The naysayers have been saying nay since long before I came to the criminal Bar. This is a dying industry, the wide-eyed prospective criminal practitioner is told. You’ll be squeaking into a criminal justice system that would be fraying at the seams, had the seams not been privatised and sold at bargain-basement prices to G4S and Capita. There’s no money for the police, for the Crown Prosecution Service, for defence solicitors or for the courts, and even less for barristers. What little money exists is spunked on a vicious circle of failed I.T. procurement and on locking up pathetic unfortunates for whom prison offers nil rehabilitative or deterrent benefit. The court infrastructure is stuck in the 1970s, you can make more money from betting that any given case will find itself adjourned due to the CPS having not served evidence than you can from actually practising law, and you can guarantee that most participants (or “stakeholders”, as we now must call them) leave the criminal justice system feeling that anything other than justice has been served.
To which I would say to my future pupil – it’s not that bad.
The criminal justice system barely hangs together. Most days, it is a thread away from disintegrating completely. If the criminal justice system were the NHS, it would never be off the front pages. Political parties would be clamouring to drape themselves in Magna Carta-embossed flags and declare themselves as the One True Protector of the Faith, castigating the constitutional vandalism of those on the opposite benches.
Serious criminal cases collapse on a daily basis because of eminently avoidable failings by the prosecuting authorities. Provably guilty people walk free. Simple, obvious, easily-obtainable evidence is simply not gathered – or where it is gathered, is not served, gathering dust on the hot-desk of a CPS caseworker juggling a three-figure caseload. More complex, costly evidence is not obtained due to expense. Sensible offers by defendants to resolve cases are rejected by Crown Prosecutors obsequious to their precious “statistics”. And victims of crime see their oppressors walk free.
On the other side of the divide, the accused find themselves waiting years for a trial, told their cases are “adjourned for lack of court time” for a third, fourth or fifth time, notwithstanding the brand new courtroom, built at significant public expense, sitting empty down the corridor due to slashed court budgets.
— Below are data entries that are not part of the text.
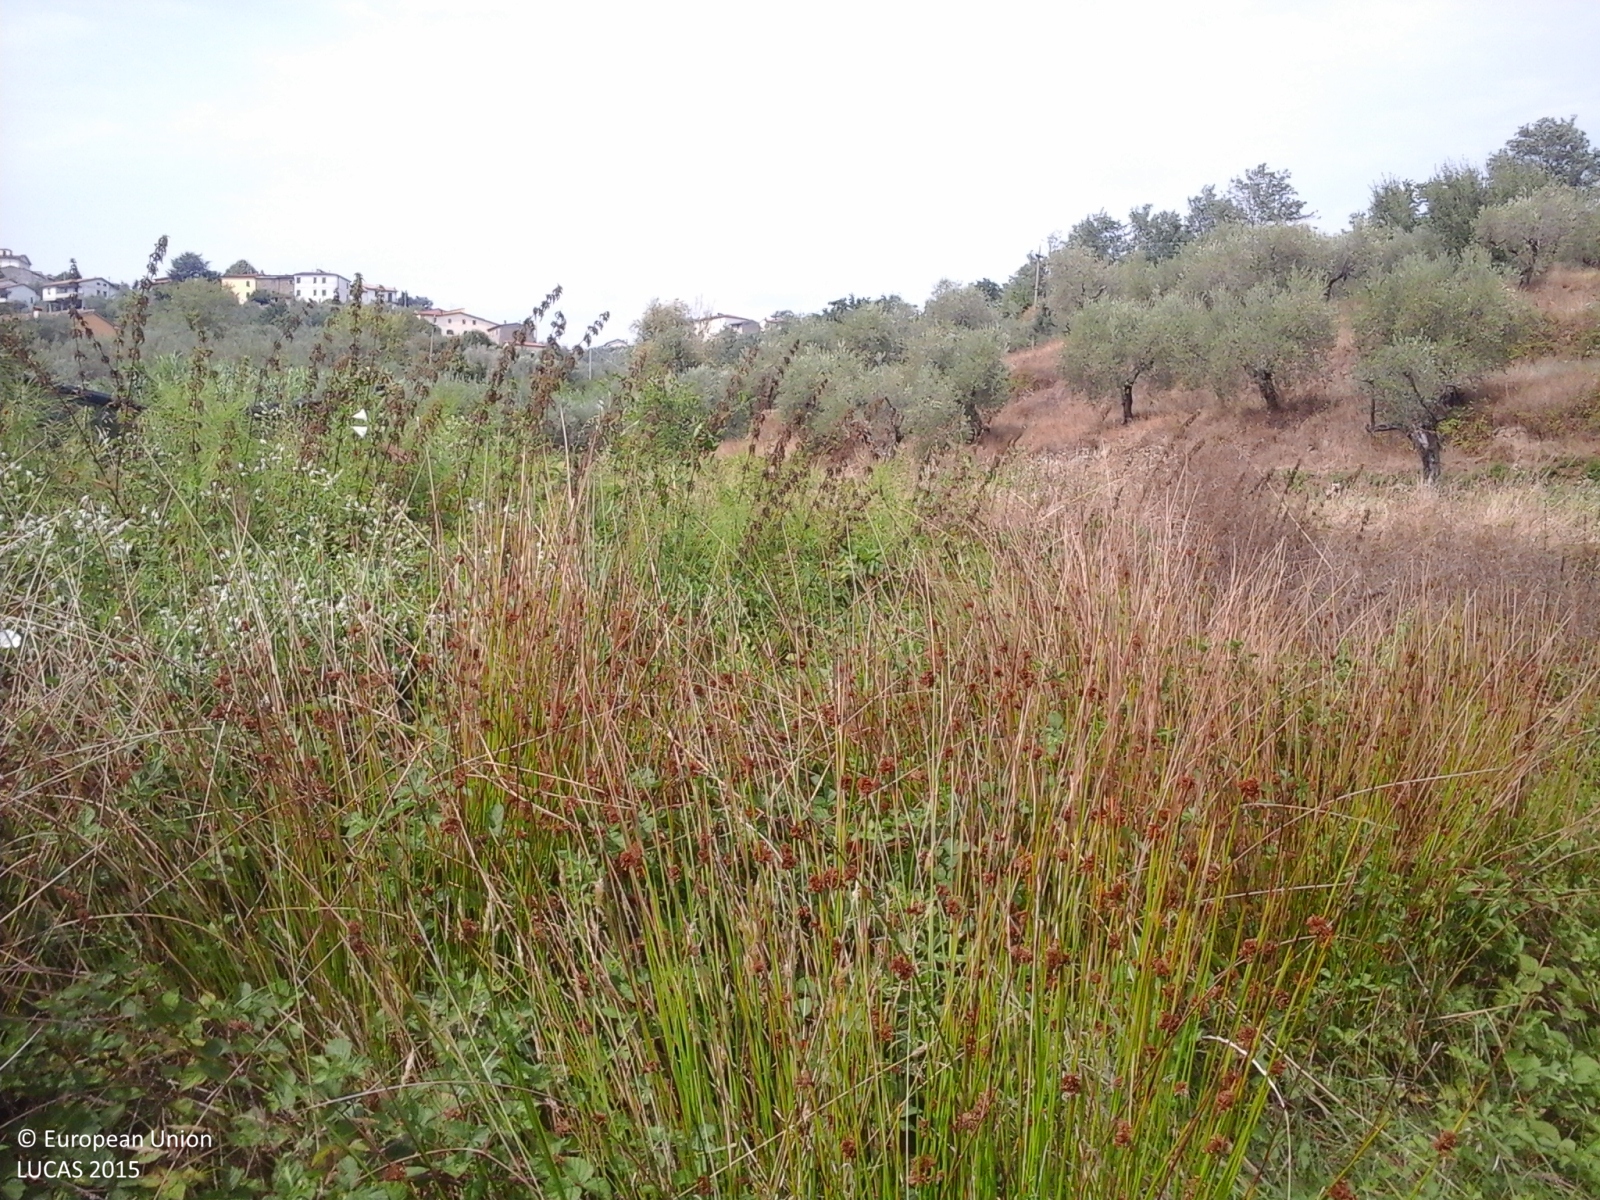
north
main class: Grassland
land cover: Spontaneously vegetated surfaces
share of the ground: > 75 %
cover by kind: herbaceous plants 100 %
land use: Semi-natural and natural areas not in use
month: August
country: IT
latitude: 43.9680
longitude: 10.8827
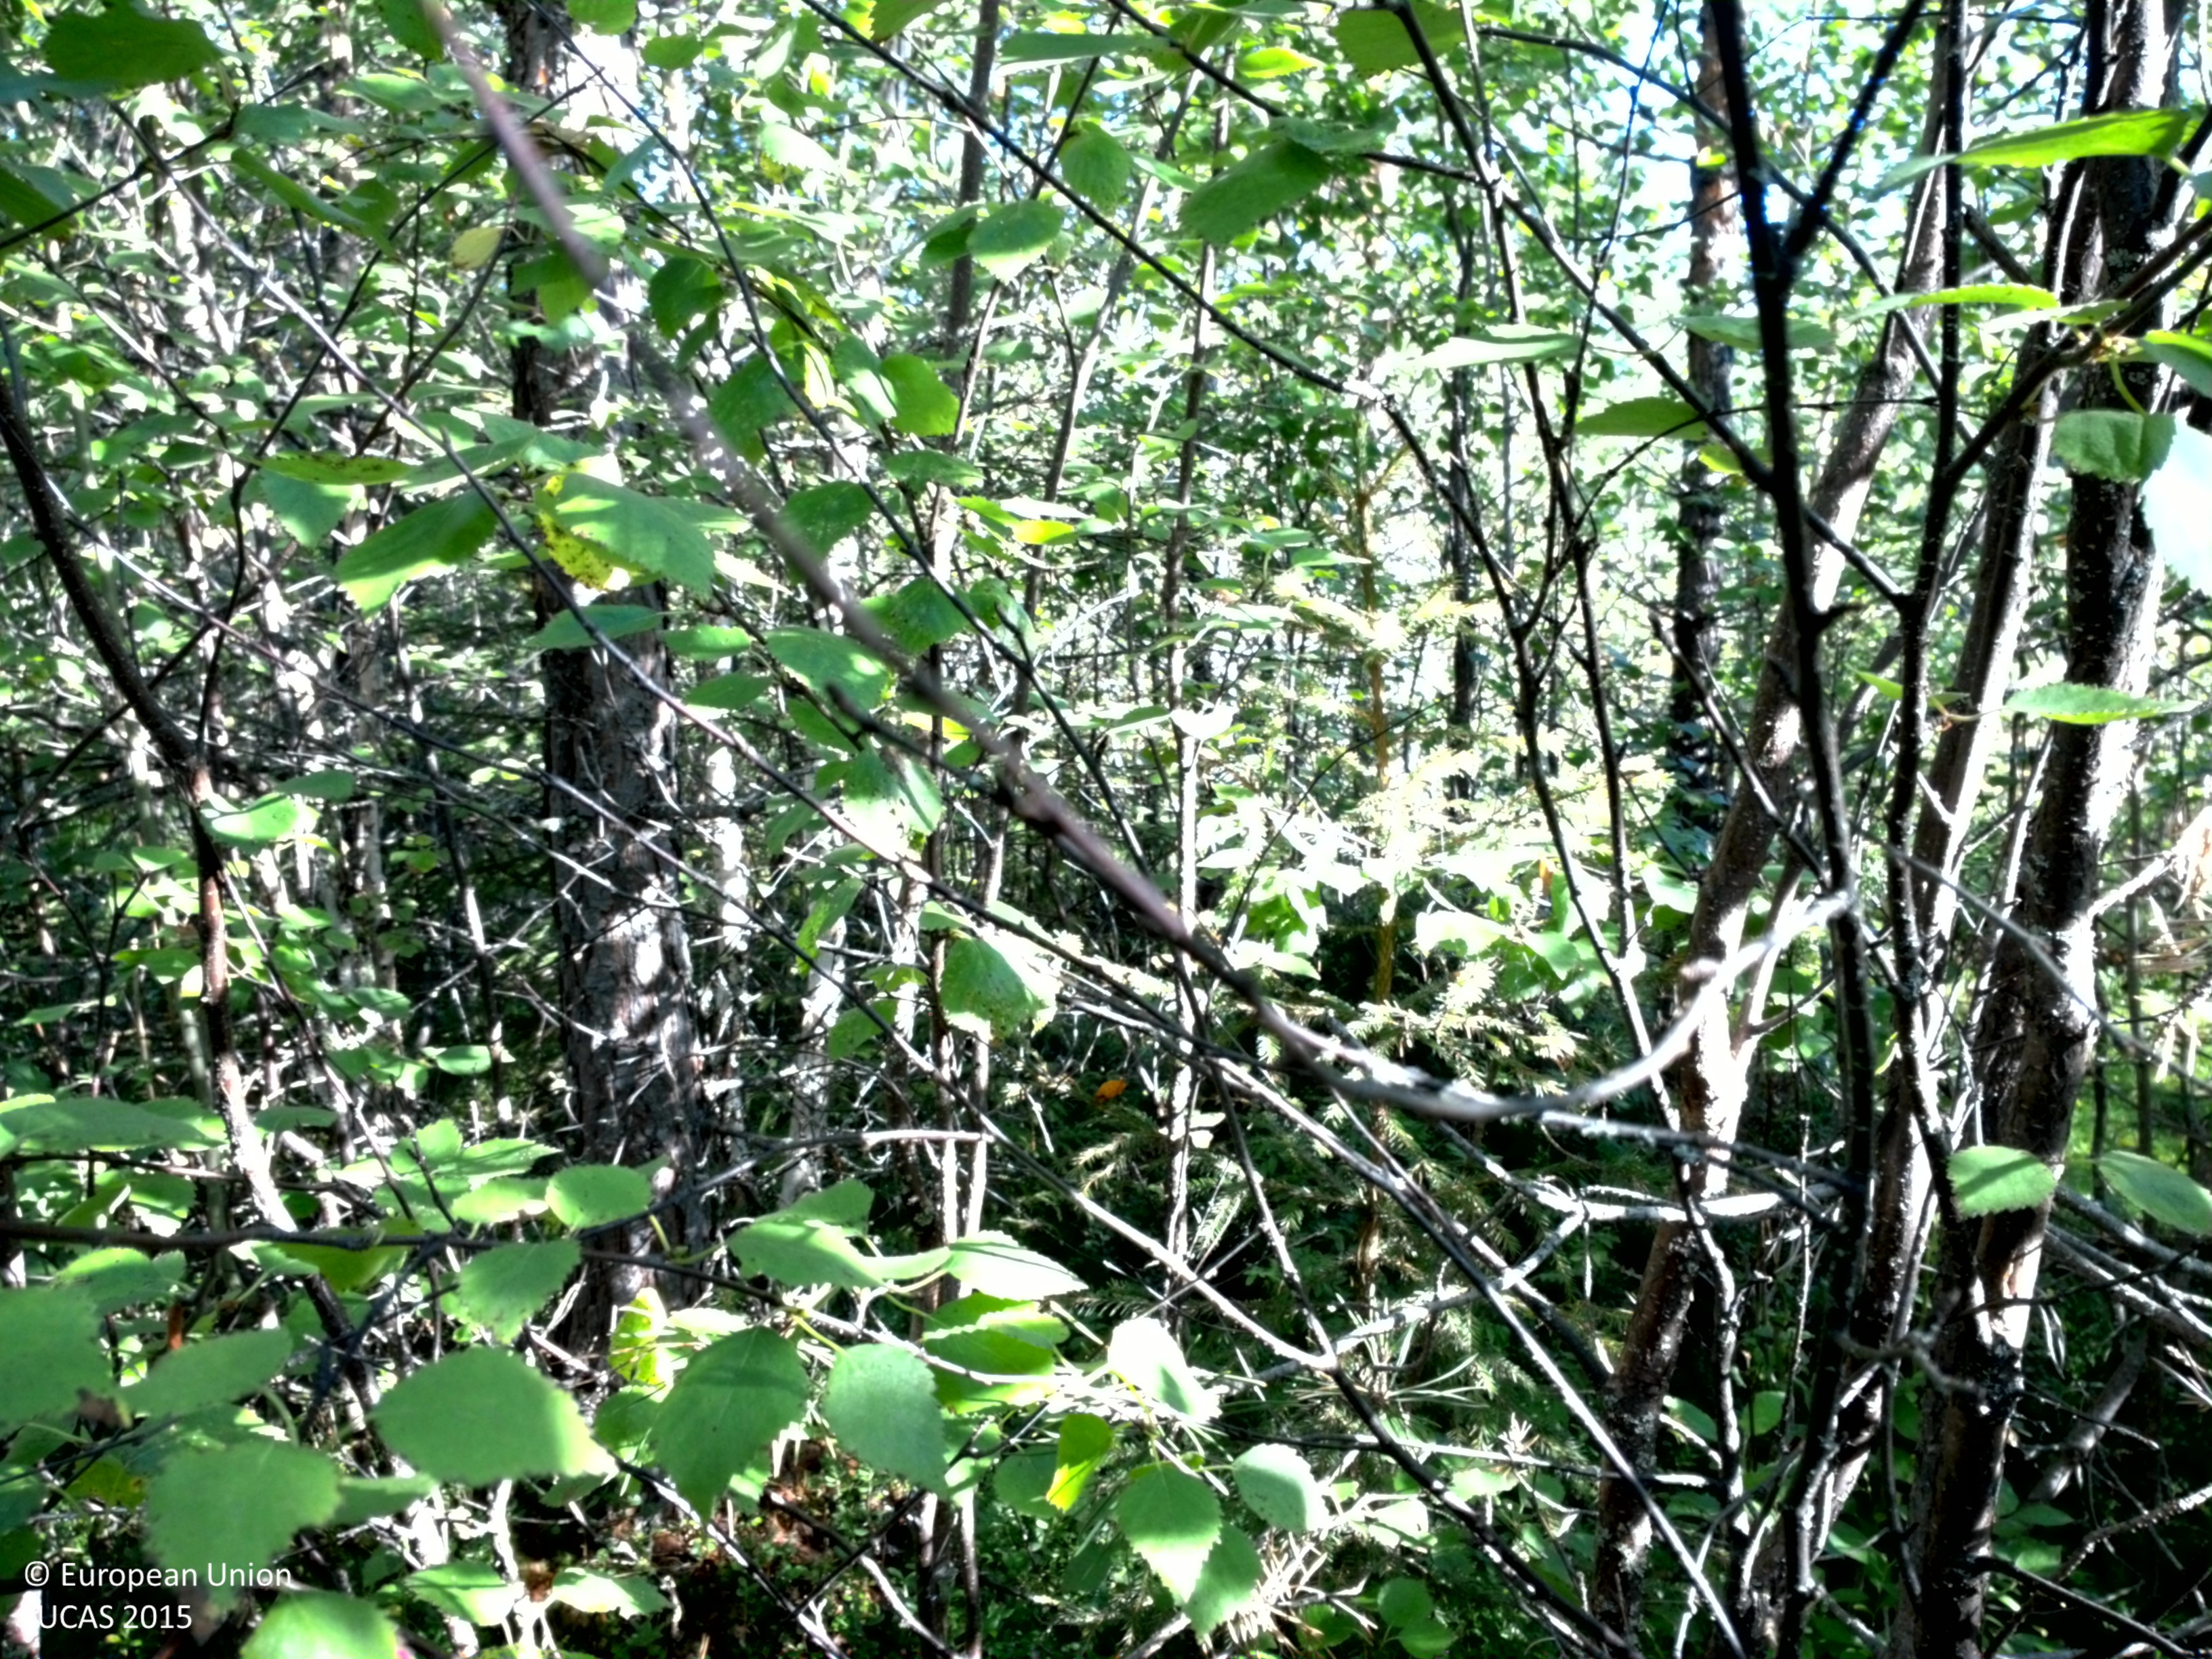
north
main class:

Or they wait until the day of trial, or perhaps for eternity, for the indolent prosecution to disclose material information that fatally undermines the prosecution case. They find themselves represented by solicitors who can only devote a fraction of the required time to their case, due to the need to stack cheap cases high to remain financially solvent. Or, increasingly common, defendants are excluded from publicly-funded representation altogether, forced to scrape together savings or loans to meet legal aid “contributions” or private legal fees, failing which they represent themselves in DIY proceedings in which the endgame is a prison sentence. And people who are not guilty find themselves in prison.
It shouldn’t be like this.
Our system is on occasion brilliant. It can be devastating, fascinating, grotesque and glorious. It is served by some of the most magnificent, intelligent and compassionate devotees to justice and public service, and simultaneously infested by the most malign of self-interested parasites. The daily realities witnessed by the criminal barrister betray these eternal dichotomies. A justice system that could be – should be – so treasured by the public is lain to waste by governments seeking an easy cut, ignored by those fortunate enough to evade its reach, and suffered by the few – defendants, victims, witnesses – for whom the vagaries of fate lead to the courtroom door.
This blog aims, in its own insignificant, inconsequential way, through anecdote and polemic, to shine a little light on what goes on behind that door.